Per noi vecchi arnesi cresciuti a pane e fantascienza, lo spazio è il convitato di pietra di ogni tentativo di proiezione dell’umanità nel futuro. Lo è anche a dispetto dell’evidenza di tutti gli ostacoli disseminati lungo il cammino verso le stelle, perché con ogni probabilità il mistero del cosmo è iscritto talmente a fondo nel nostro inconscio come specie da essere diventato un marchio a fuoco nel codice memetico del nostro immaginario. E lo è al punto da saltare fuori anche nelle visioni del futuro nominalmente concepite in antitesi con le spensierate avventure tecnologiche della prima fantascienza, quella ormai associata con la Golden Age: se da un lato la space opera non ha mai perso davvero vigore, attraversando le decadi sulla spinta di un motore inerziale che da Edmond Hamilton e Isaac Asimov è passato per la penna di Frank Herbert, Larry Niven, John Varley e C.J. Cherryh per arrivare fino a noi con Lois McMaster Bujold, Iain M. Banks, Vernor Vinge, e poi con Peter F. Hamilton, Alastair Reynolds e numerosi altri anche tra i frequentatori occasionali, è un dato di fatto che lo spazio è un ingrediente fondamentale nel world-building dello stesso cyberpunk (pensiamo alla Disneyland orbitale di Freeside o all’epilogo stesso di Neuromante, agli habitat spaziali della Matrice Spezzata o alle colonie extra-mondo di Blade Runner, tanto per citare i tre pilastri su cui l’immaginario del movimento degli Anni Ottanta ha preso forma), come lo erano stati la Luna, Marte e i satelliti dei giganti gassosi per Philip K. Dick e lo specchio delle contraddizioni terrestri allestito da Ursula K. Le Guin sui pianeti del suo Ecumene, o come lo sarebbero poi stati diversi sfondi del sistema solare per Kim Stanley Robinson, gli autori della cosiddetta fantascienza umanistica, Ian McDonald o gli aderenti alla Mundane SF.

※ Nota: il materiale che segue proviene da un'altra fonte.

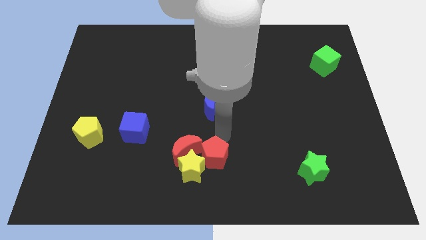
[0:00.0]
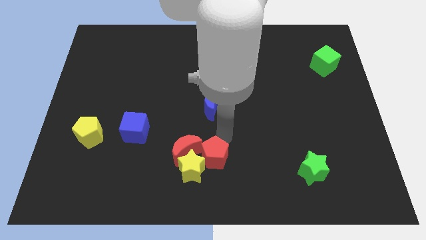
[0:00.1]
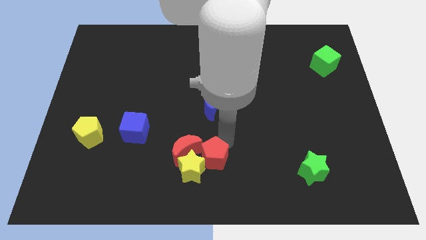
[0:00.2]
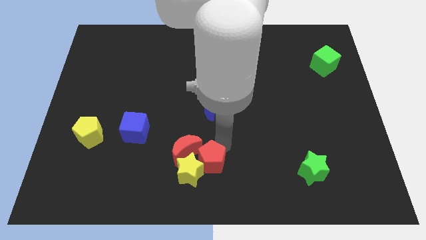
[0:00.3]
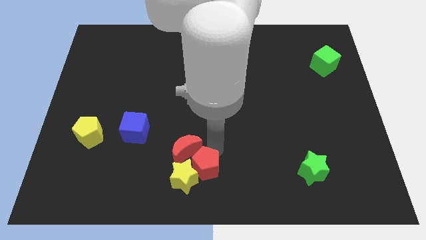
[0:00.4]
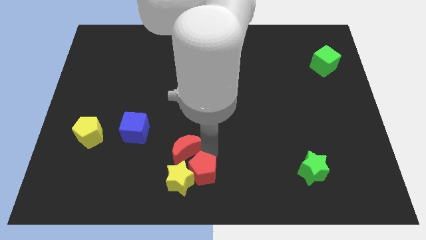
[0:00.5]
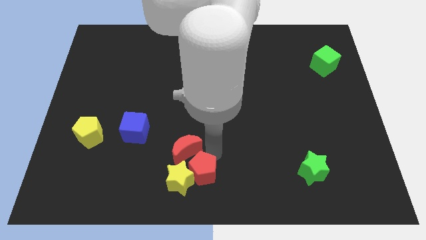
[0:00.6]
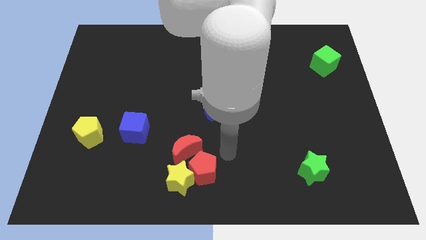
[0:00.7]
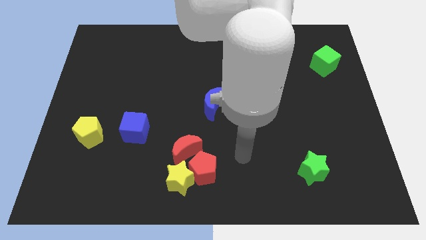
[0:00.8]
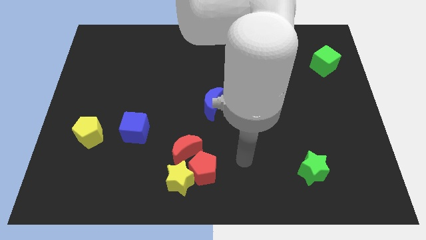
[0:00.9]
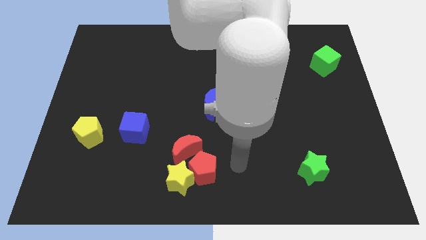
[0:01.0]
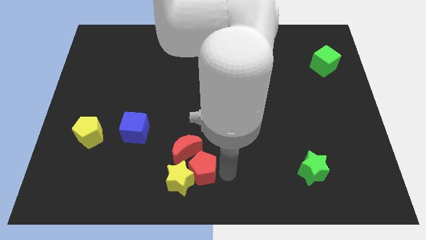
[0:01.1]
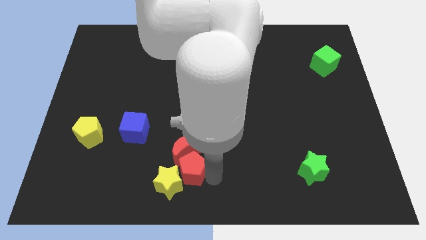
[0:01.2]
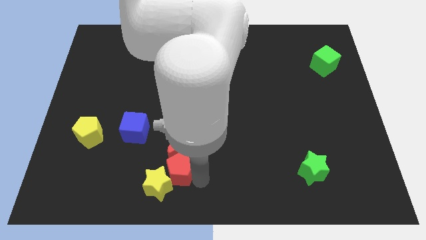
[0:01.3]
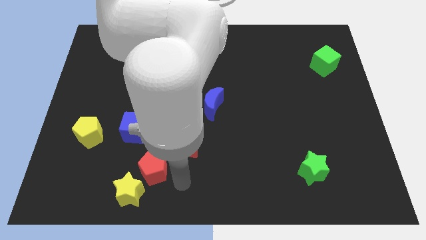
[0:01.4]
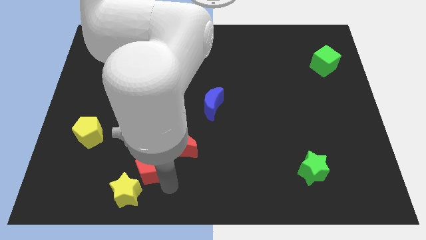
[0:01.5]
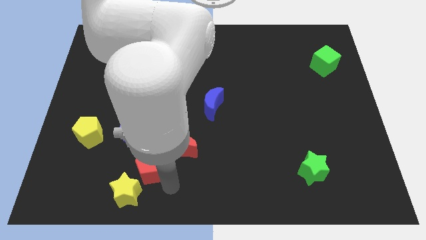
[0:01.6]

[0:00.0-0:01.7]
push the yellow star with the red pentagon towards the bottom left of the board

Alla luce di questa scorribanda più veloce della luce, potremmo distillare l’essenza della fantascienza in una formula approssimativa, ma che ne riesce comunque a cogliere una delle caratteristiche più distintive emerse in un secolo di invenzioni, declinate sia nella dimensione della creatività più esplosiva che sul piano della critica più speculativa: vale a dire, che per l’umanità non c’è futuro senza spazio.

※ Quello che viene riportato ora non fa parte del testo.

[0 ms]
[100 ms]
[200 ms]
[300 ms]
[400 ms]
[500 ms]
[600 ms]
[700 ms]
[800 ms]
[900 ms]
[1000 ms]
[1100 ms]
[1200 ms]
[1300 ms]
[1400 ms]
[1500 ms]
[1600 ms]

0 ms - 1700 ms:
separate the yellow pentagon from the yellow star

Da veterani di questo feeling di lunga data, noi appassionati di fantascienza siamo quindi particolarmente sensibili alle imprese spaziali vagheggiate, programmate o millantate dalla genia dei multimiliardari che da alcuni anni a questa parte inseguono il sogno dello sviluppo commerciale dello spazio. Ancor più di Jeff Bezos (di cui proprio durante la pandemia ha finito per insidiare il primato di uomo più ricco del mondo, secondo molti arrivando nel 2022 addirittura a surclassarlo) o di Richard Branson, che può vantare la costruzione del primo aeroporto spaziale, grazie alla sua sovra-esposizione mediatica è ormai Elon Musk a personificare l’imprenditore del futuro, provvisto di una visione e a capo di un impero economico capace di tentare la conquista della frontiera spaziale. Il più grande capolavoro di Musk è stato probabilmente quello di intestarsi un’immagine di outsider, come se un uomo fuori dalle logiche del mercato potesse arrivare ad accumulare la fortuna richiesta per diventare l’uomo più ricco del mondo – oppure, se è per quello, come se un uomo in grado di twittare 5mila volte in un anno potesse anche essere direttamente coinvolto in un’attività vagamente assimilabile al lavoro.

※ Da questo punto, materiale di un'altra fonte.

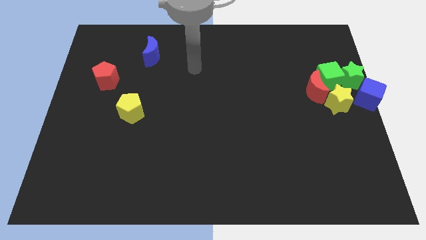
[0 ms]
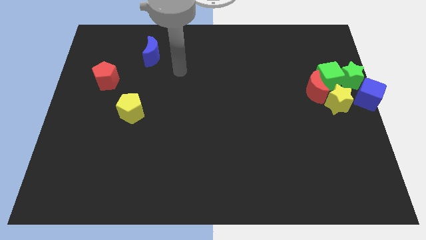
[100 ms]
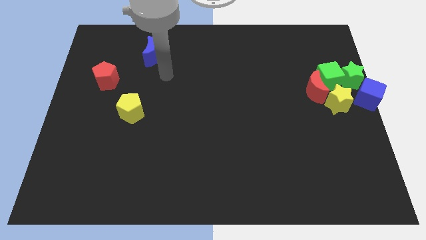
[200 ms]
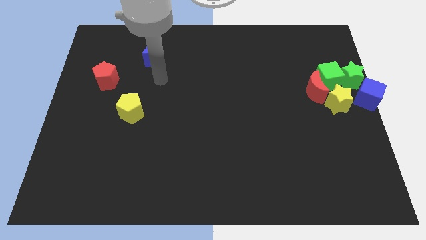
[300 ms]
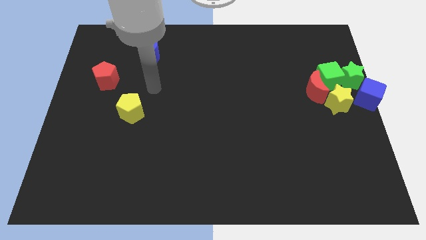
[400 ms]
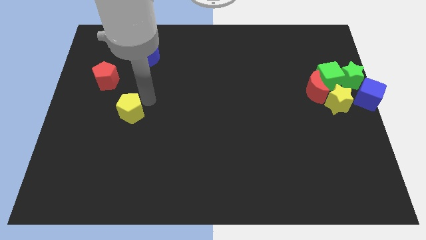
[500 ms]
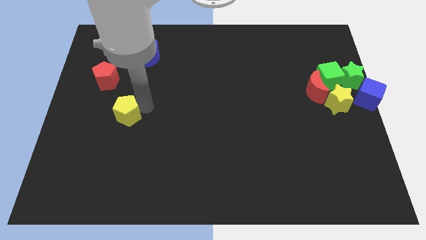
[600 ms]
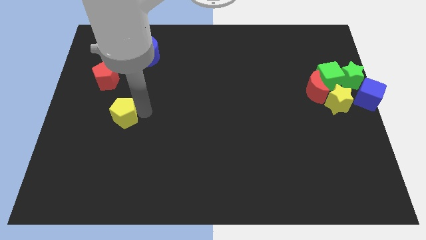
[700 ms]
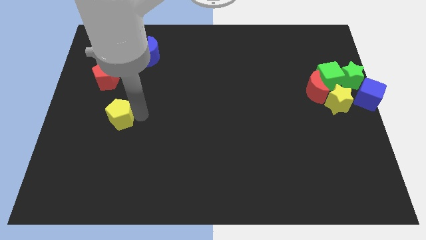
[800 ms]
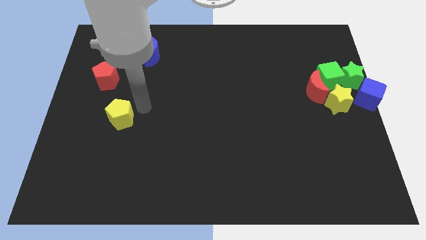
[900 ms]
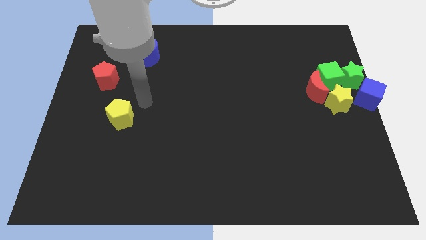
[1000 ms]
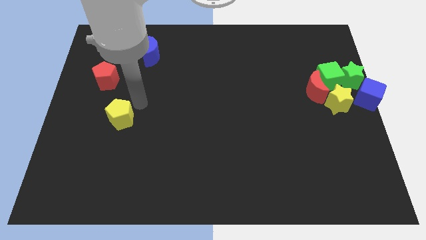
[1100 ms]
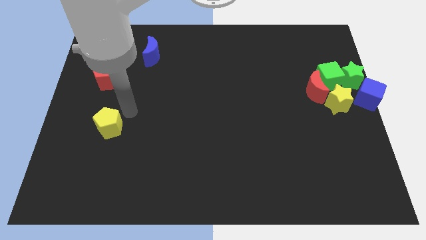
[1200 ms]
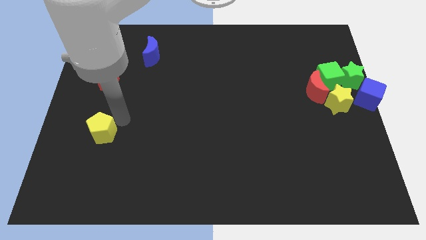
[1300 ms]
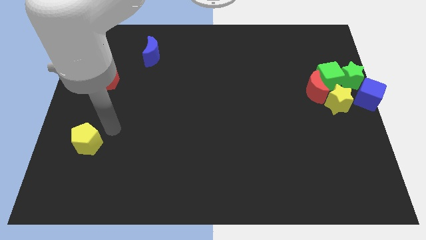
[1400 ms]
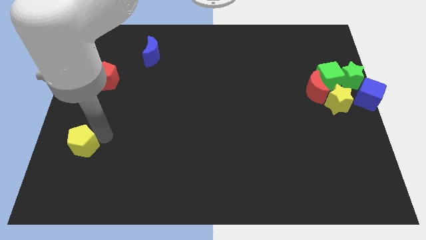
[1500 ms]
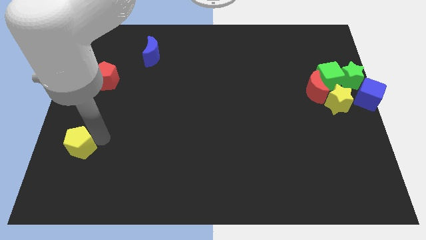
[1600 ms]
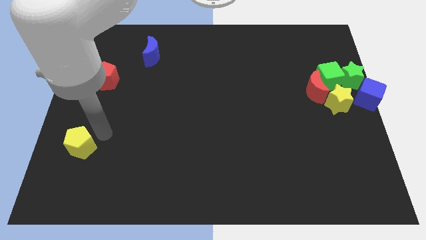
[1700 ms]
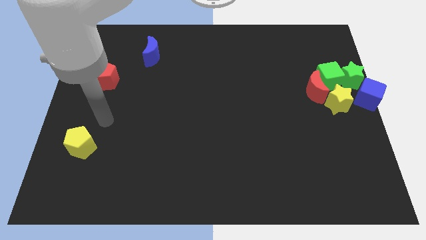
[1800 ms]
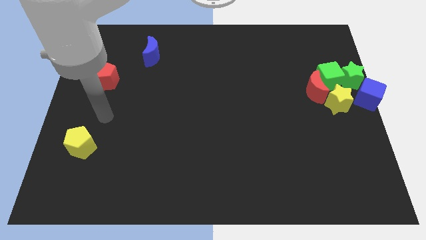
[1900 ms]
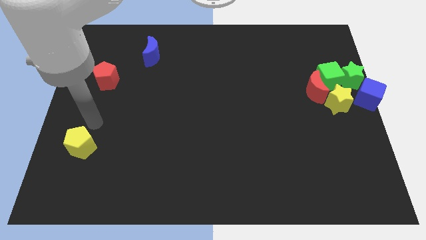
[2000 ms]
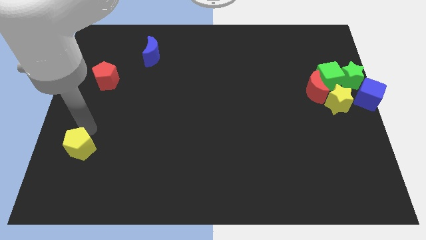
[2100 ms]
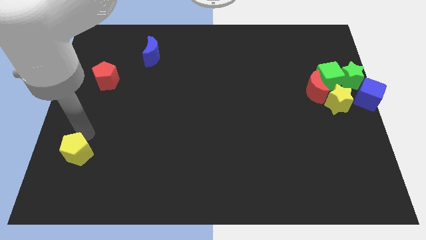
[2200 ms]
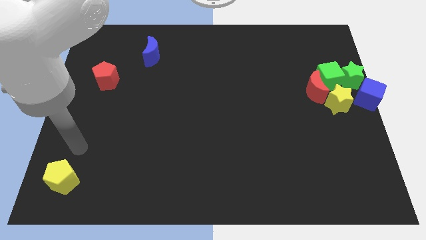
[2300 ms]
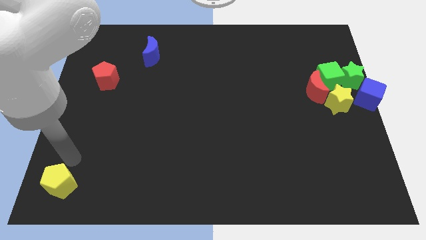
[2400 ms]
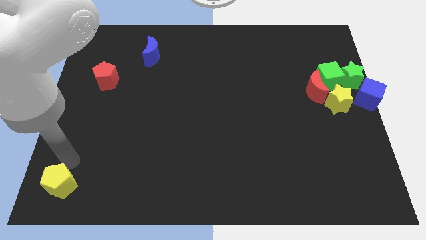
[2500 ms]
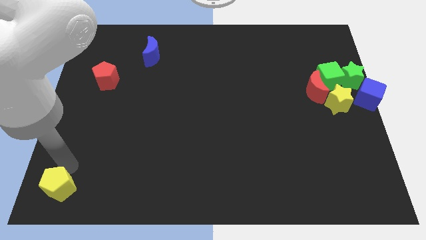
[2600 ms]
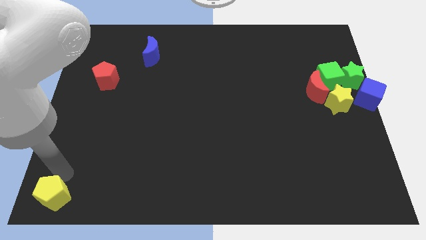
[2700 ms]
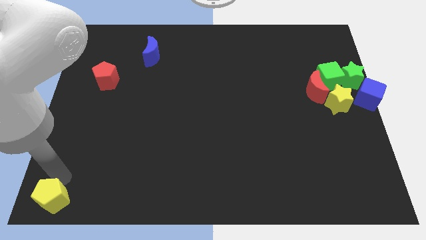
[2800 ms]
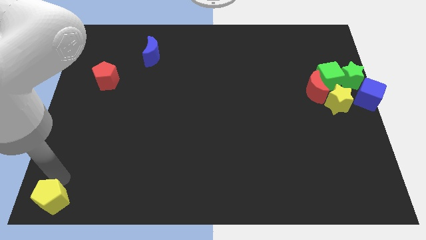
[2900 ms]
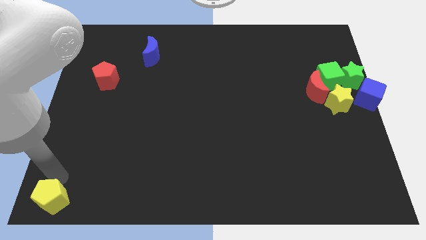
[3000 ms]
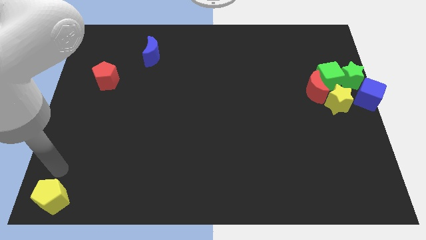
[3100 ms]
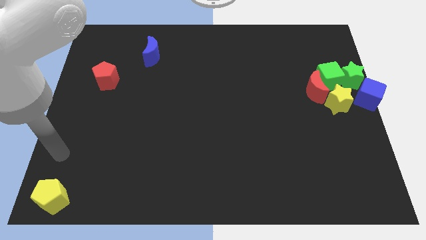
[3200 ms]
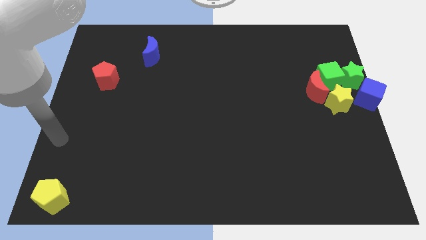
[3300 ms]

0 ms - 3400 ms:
move the yellow pentagon to the bottom left of the board

Questo gli ha permesso di far passare sempre sottotraccia le molteplici contraddizioni della visione imprenditoriale di cui si fa portatore: da una parte la proiezione verso un futuro migliore sbandierata a suon di tweet e interviste, dall’altra le conseguenze pratiche sulla vita degli abitanti di Boca Chica comportate dall’attività della sua Starbase in Texas e i dissidi professionali con i suoi collaboratori e dipendenti. Come emerge, nonostante i toni apologetici, dalla sua biografia scritta da Ashley Vance (Elon Musk: Tesla, SpaceX e la sfida per un futuro fantastico) e come riassumeva Nicolò Porceluzzi nel suo profilo redatto per Prismo, i dipendenti di Musk finiscono per essere utilizzati come munizioni, investiti strumentalmente di un ruolo solo nella logica di finalizzare uno scopo, dopodiché consumati e buttati via. Nello stesso articolo gli esempi si sprecano: dalla collaboratrice di lunga data licenziata per aver chiesto un aumento, alle conseguenze altrettanto estreme per i dipendenti che mancano una deadline o commettono un refuso in una e-mail importante.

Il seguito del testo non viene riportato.